Recién habían empezado su vida como matrimonio. Ella seguía en la universidad y eran todavía tiempos en que él se hacía cargo de todos los gastos de la recién inaugurada familia. “Te recuerdo que se acerca mi cumpleaños y que para el tuyo te obsequié una computadora y el viaje a la playa”, le dijo él a ella un día de junio. La esposa se quedó en silencio, como pensando y calculando, hasta que dijo “Muy bien: dame ocho mil pesos para comprarte algo”.

7 de abril de 2012

Axolotls y coincidencias


Tomaba al azar libros de diferentes estantes cuando abrí uno con fotografías de axolotls. Mi amigo me preguntó que si había leído el cuento de Cortázar sobre un axolotl y respondí que lo haría pronto.

Por la tarde, me encontré con que una amiga que tenemos en común había compartido en Facebook —con el comentario “anfibios bebé”— precisamente ese cuento de Cortázar. La casualidad, que nos aturdió un poco y nos divirtió mucho, tuvo un excelente remate cuando al otro día un tercer amigo publicó su nueva canción: “Axolote”.

Todo esto me hace pensar que no somos sino pequeños axolotls viviendo en una pecera muy reducida, donde todo lo que sucede está inexorablemente conectado.

3 de abril de 2012

Cuerpos y camas

Dormir no es solo cosa de echarse y comenzar el reposo para amanecer con el cuerpo reestablecido y fresco así gratuitamente. Mantenerse en una misma posición por determinado tiempo —aunque sea dormido— provoca fatiga. Se acuesta uno sobre el costado derecho y el brazo de ese lado se convierte en un estorbo que, de no querer tener debajo de las costillas, habrá que doblar desde la clavícula, causando dolor al poco tiempo.
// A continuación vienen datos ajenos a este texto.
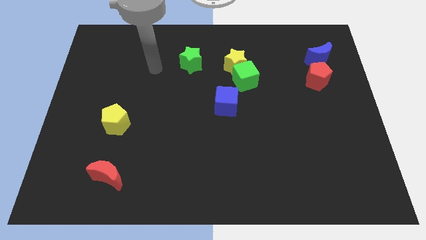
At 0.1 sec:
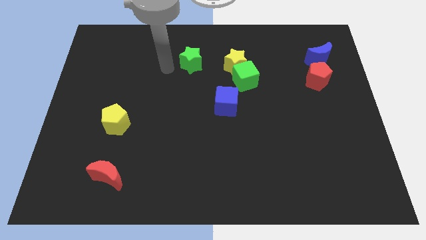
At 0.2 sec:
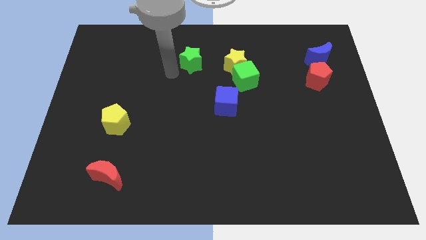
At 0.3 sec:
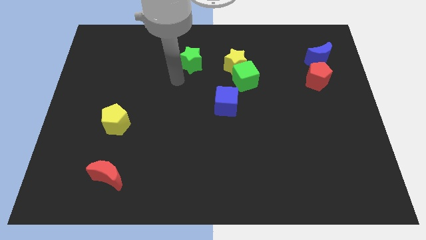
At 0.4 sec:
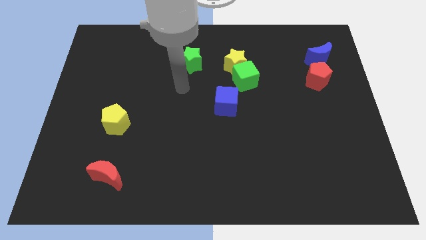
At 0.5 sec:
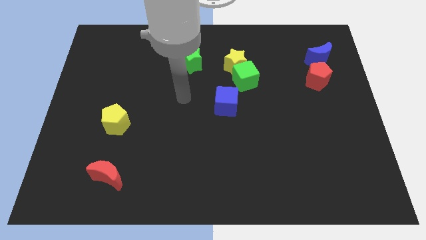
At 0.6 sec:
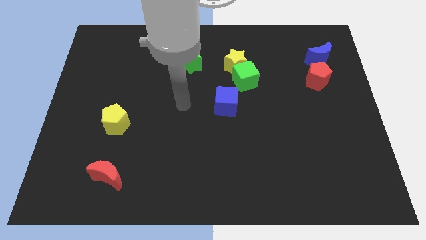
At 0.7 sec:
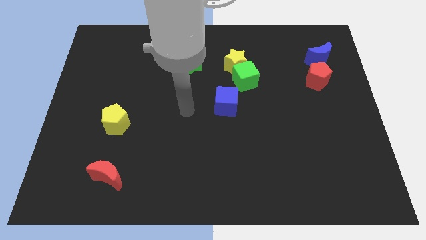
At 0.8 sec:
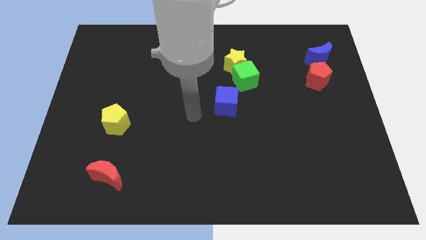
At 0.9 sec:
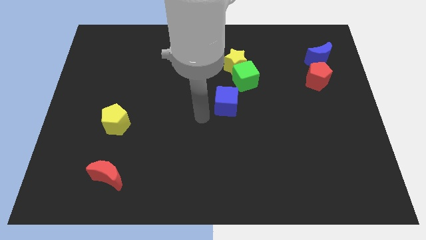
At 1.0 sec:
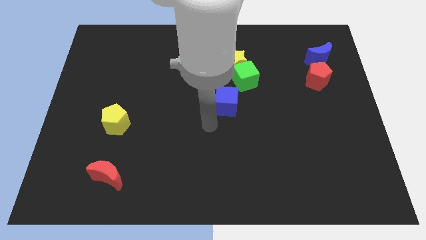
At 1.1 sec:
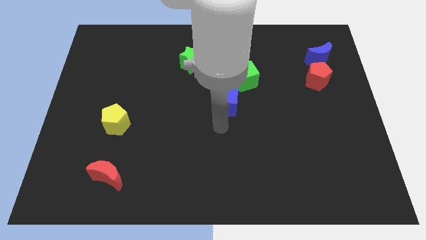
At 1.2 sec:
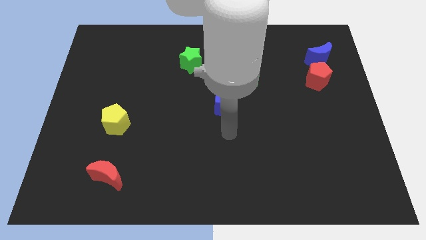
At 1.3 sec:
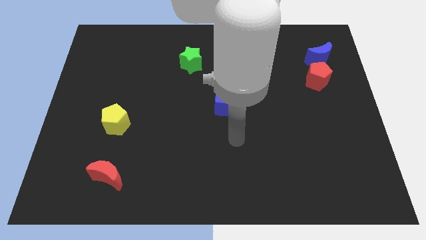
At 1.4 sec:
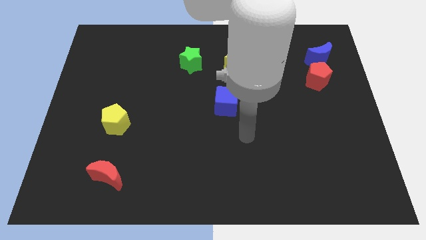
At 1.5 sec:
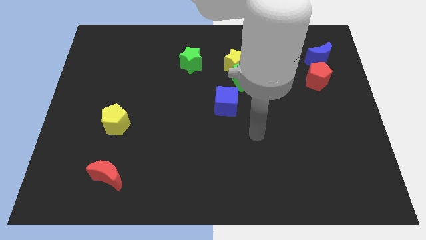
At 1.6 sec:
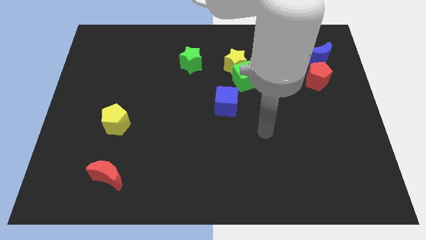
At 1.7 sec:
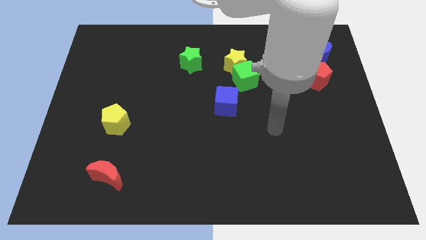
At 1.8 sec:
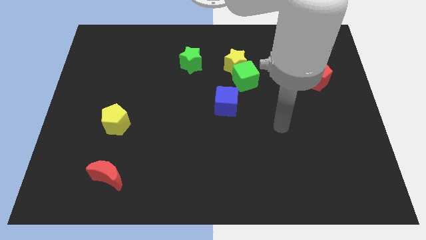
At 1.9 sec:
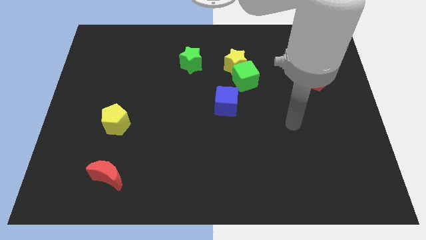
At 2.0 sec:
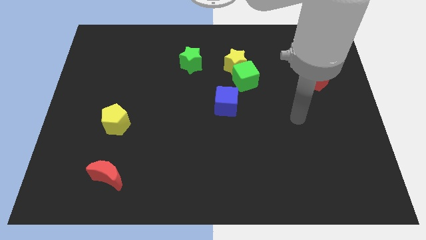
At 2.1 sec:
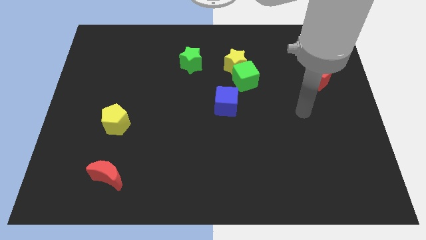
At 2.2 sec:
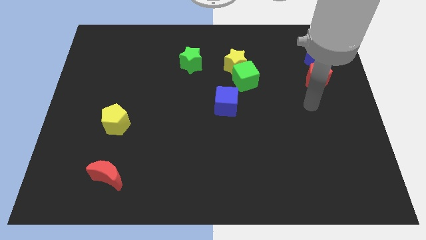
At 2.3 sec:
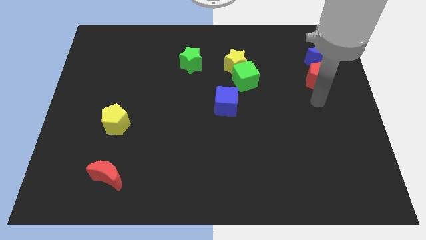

Los pies, con su posición perpendicular al resto del cuerpo, resultan un problema cuando se está acostado boca arriba o boca abajo. En el caso de los varones, el pene puede ser incómodamente aplastado al colocarse con la panza contra el colchón. Desconozco qué molestias puedan enfrentar las mujeres, pero supongo que los senos han de presentar el mismo inconveniente que el pene. Dormir en pareja tampoco es lo que el romanticismo nos ha hecho creer: los huesos duros y las articulaciones filosas del compañero se vuelven discretos aparatos de tortura.

La Posición Ideal del Sueño, absurda e irónicamente, se logra de manera casi natural solo cuando no se va a dormir. Entra uno corriendo a la casa a cambiarse de zapatos entre una cita del trabajo y la siguiente, ve la cama y se echa por dos minutos en ella. Al dejar caer el cuerpo, este queda en una posición media entre la de costado y la boca abajo, de forma que los pies reposan de lado y ambos hombros reposan contra la cama. Por la noche, cuando se intente replicar la postura, se descubrirá que es imposible. Del mismo modo, al estar acurrucados viendo la televisión, el cuerpo del otro se antoja como una poltrona que se amolda al nuestro. Es cosa de decir “Buenas noches, mi vida” y jalar las cobijas para que los bordes y rispideces del otro se tornen insoportables.